A modified sine wave is the 80-20 solution for power inverters. It requires only about 20% of the effort to produce, yet it performs approximately 80% as well as a perfect sine wave. Still, it’s far from perfect. Many appliances will work at a lower efficiency, as the full power right before and right after a switch gets wasted. Additionally, certain analog devices don’t work quite right with a modified sine wave. Anything using an analog timer doesn’t time correctly since they keep time using the peak of the sine wave, and modified sine waves wreak havoc with temperature control.

What are the Lithium-ion Batteries 18650 safe operating limits

The lifespan of a lithium-ion battery depletes as this threshold is repeatedly crossed and does little to no harm if done once or twice. The battery SHOULD always operate between 3.0V – 4.2V and that is where 95% of its charge remains. The remaining 5% is needed in order for the battery to be able to recharge. If the battery goes below approximately 2.5V, it is almost surely completely dead or its lifespan has dramatically been shortened. When it gets to this range, the battery might never charge again which is why at DRF engineering we use the cut-off 3.0V in our 3.7V nominal voltage lithium-ion single cell.

Normally batteries are physically disconnected from their systems when they approach this threshold in order to limit the amount of parasitic discharge since when a battery will continue to discharge regardless of whether or not it is used in a circuit. For example, if a phone had a 4.2V lithium-ion battery, it would reach 0% charge at 3.0V, and the same applies to other electronics as well.

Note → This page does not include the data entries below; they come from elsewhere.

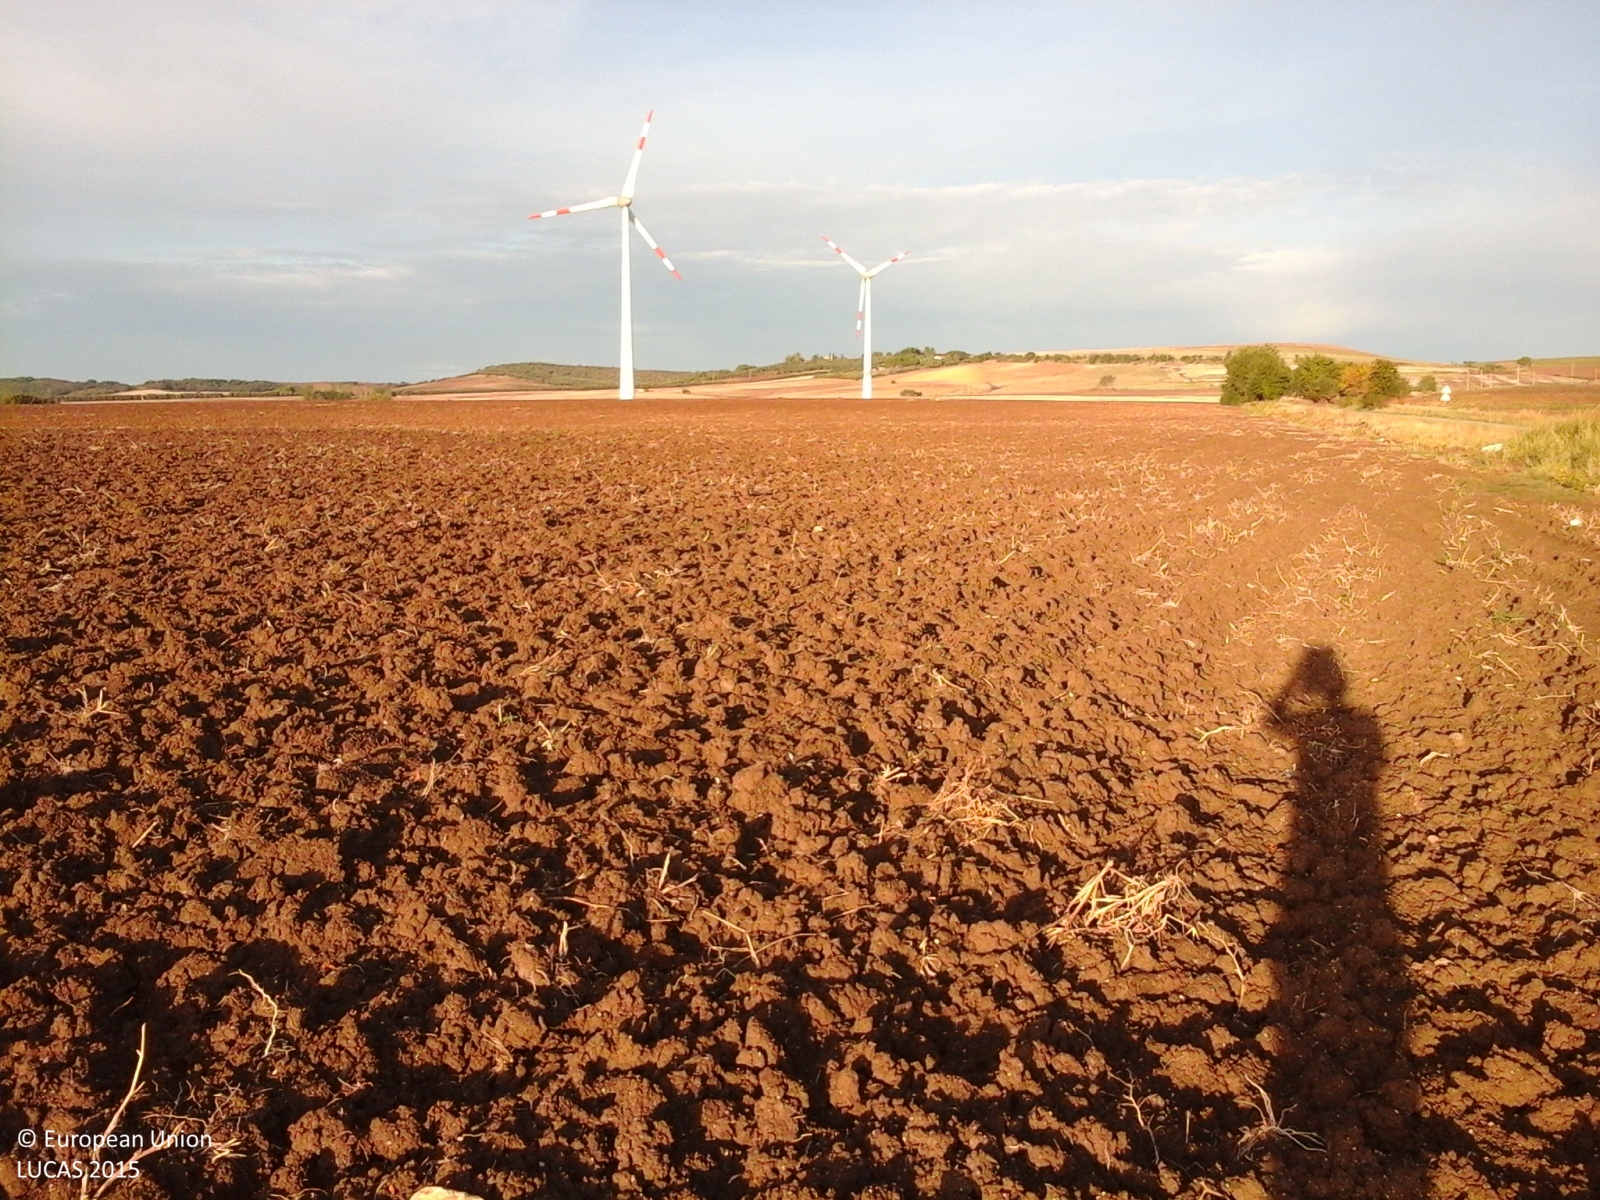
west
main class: Cropland
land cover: Tomatoes
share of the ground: > 75 %
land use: Agriculture (excluding fallow land and kitchen gardens)
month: October
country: IT
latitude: 41.8496
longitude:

When a battery passes this cut-off voltage, it begins to decay exponentially.

The other limit is when to stop charging the battery, typically we stop charging at 4.2V, anything beyond this voltage can cause the battery thermal runaway which can cause a fire, This is what happened to Boeing 787 Dreamliners were indefinitely grounded due to lithium-ion battery failures that had occurred in two planes.

Transformer Impedance, is it voltage? what is it?

Every distribution transformer nameplate specifies the transformer impedance in Percent [%], As shown in the drawing below. Why is it not in Ohm?

Actually, this percentage is voltage, and here is the explanation

I personally witnessed many transformers tested in the past, ranging in power from 1MVA to 20MVA for both distribution and transmission.
To measure the transformer impedance, during testing the transformer secondary is shorted. Next, they apply a small percentage of the rated primary voltage to the transformer, the applied voltage starts at 0 volts and gradually they increase the voltage until the winding is magnetized, at this point current will start circulating in the shorted secondary winding. Gradually they continue to increase the primary voltage until the shorted secondary reaches the full load rating of the transformer. When they reach the secondary rated current they stop increasing the primary voltage, They record what percentage of the primary voltage it takes to produce rated secondary current in the shorted out secondary. Actually, that is the percent impedance.

So here is a quiz for you: Are we violating ohm’s law? How is Percent voltage equal to percent impedance?

Would it cost less to buy an off the shelf power supply?

Yes, if you can find an off-the-shelf that meets your system requirement, There is a large variety of power supplies available and it will likely be lower cost than a custom solution. However, if you have a system requirement that is difficult to meet by an off-the-shelf power supply and if you have a large volume. In these cases, there may be cost savings in designing something that precisely meets your needs if you have the engineering resources. Even if an off-the-shelf power supply meets your requirements, the cost may still be high if the off-the-shelf has a limited market and does not enjoy the advantages of economies of scale.

What kind of capabilities does DRF have when it comes to testing? What kind of test capabilities do you provide?

When it comes to product testing….In the past, we have conducted thermal testing, studying the longevity of a product and whether it will endure under exposure to increased temperatures.